*Given records*.
:::

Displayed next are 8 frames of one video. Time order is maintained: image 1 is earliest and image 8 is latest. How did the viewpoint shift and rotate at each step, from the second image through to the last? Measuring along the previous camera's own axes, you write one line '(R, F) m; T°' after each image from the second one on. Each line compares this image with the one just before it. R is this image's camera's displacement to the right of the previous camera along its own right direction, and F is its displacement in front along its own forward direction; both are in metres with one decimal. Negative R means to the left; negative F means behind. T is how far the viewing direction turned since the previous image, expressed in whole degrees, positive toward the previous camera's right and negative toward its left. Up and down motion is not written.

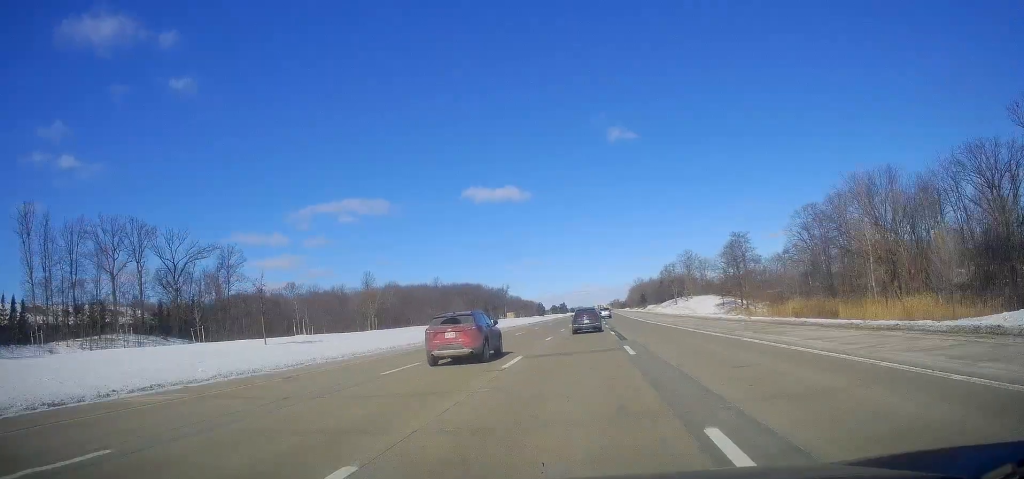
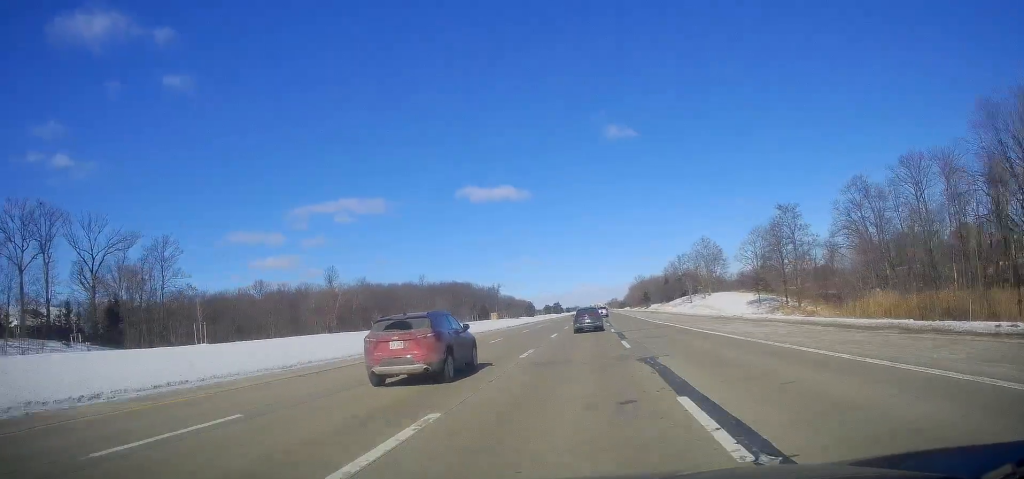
(+0.5, +27.1) m; +1°
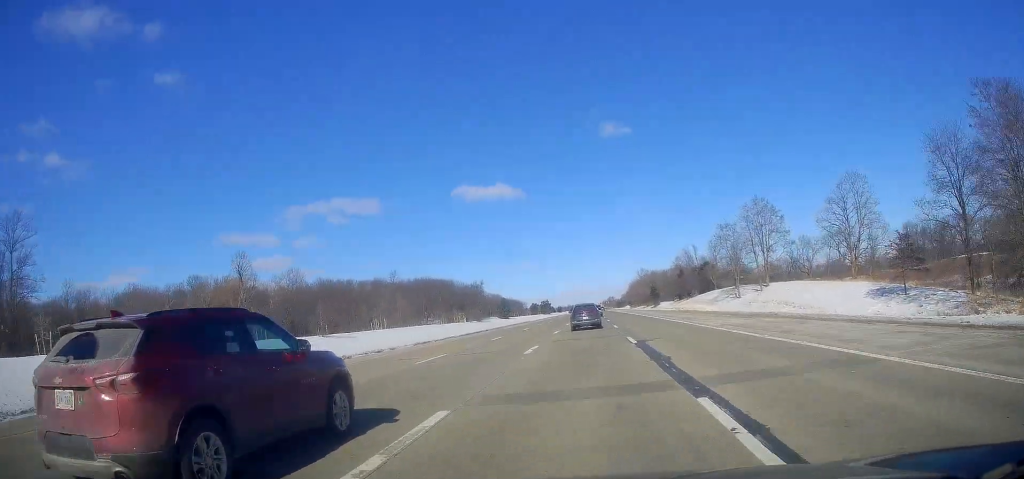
(-0.4, +45.5) m; 0°
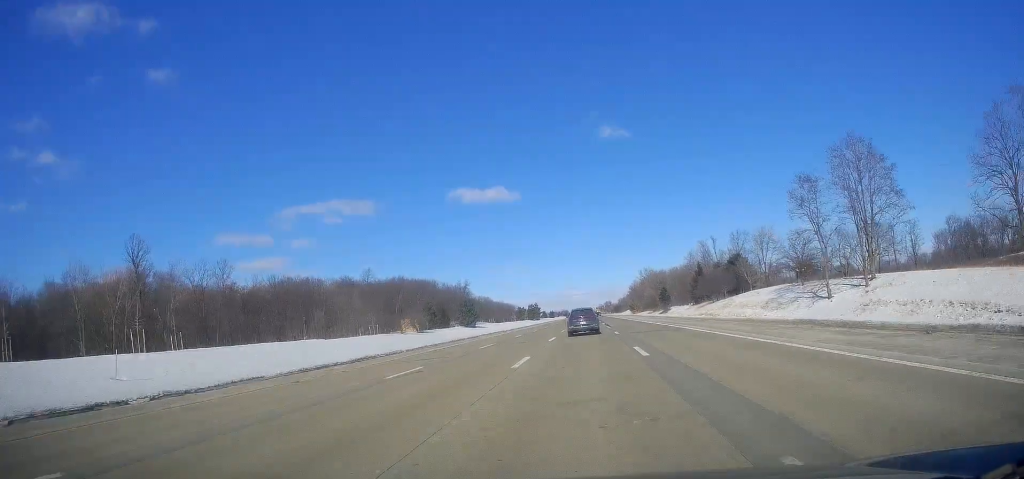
(+0.2, +34.3) m; +1°
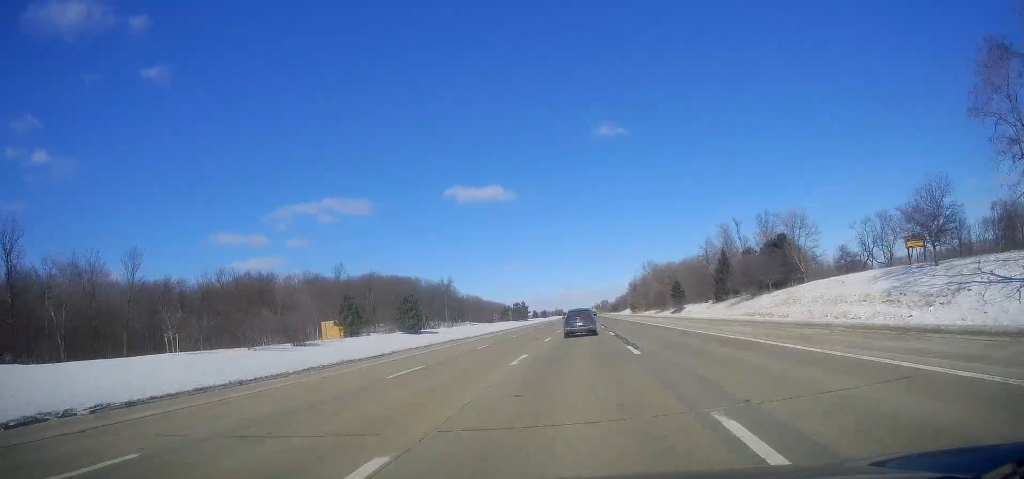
(+0.2, +29.8) m; 0°
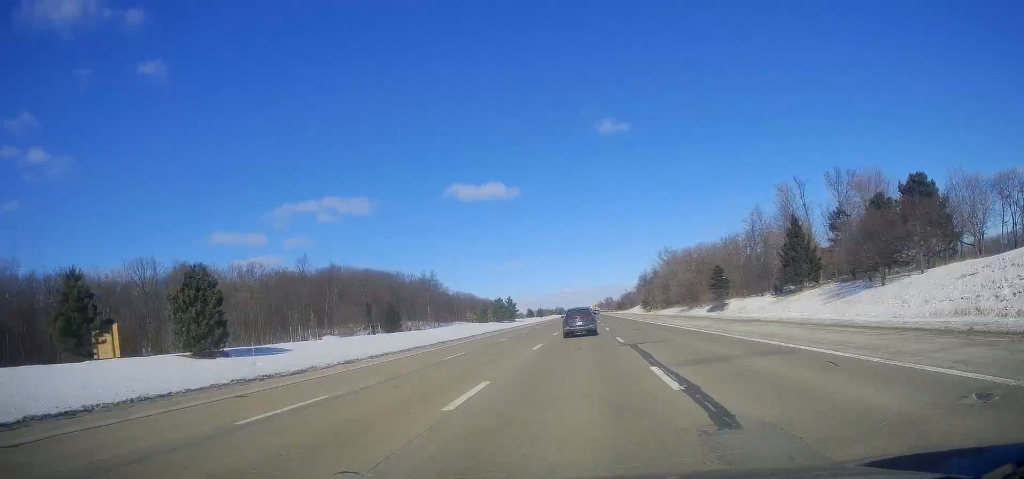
(0.0, +38.9) m; 0°
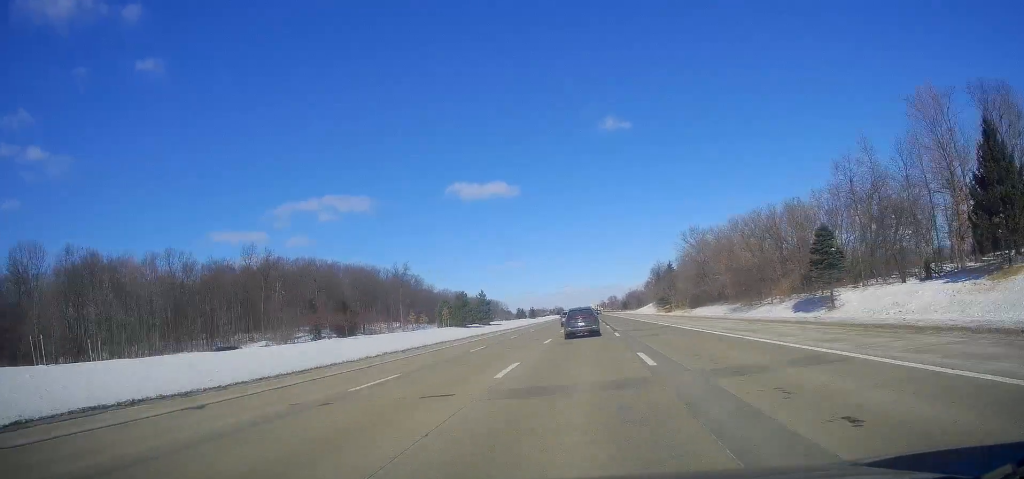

:::

*Problem*. Would you transcribe all of the entries above exactly, minus the images?

*Solution for this exercise*.
Displayed next are 8 frames of one video. Time order is maintained: image 1 is earliest and image 8 is latest. How did the viewpoint shift and rotate at each step, from the second image through to the last? Measuring along the previous camera's own axes, you write one line '(R, F) m; T°' after each image from the second one on. Each line compares this image with the one just before it. R is this image's camera's displacement to the right of the previous camera along its own right direction, and F is its displacement in front along its own forward direction; both are in metres with one decimal. Negative R means to the left; negative F means behind. T is how far the viewing direction turned since the previous image, expressed in whole degrees, positive toward the previous camera's right and negative toward its left. Up and down motion is not written.

(+0.5, +27.1) m; +1°
(-0.4, +45.5) m; 0°
(+0.2, +34.3) m; +1°
(+0.2, +29.8) m; 0°
(0.0, +38.9) m; 0°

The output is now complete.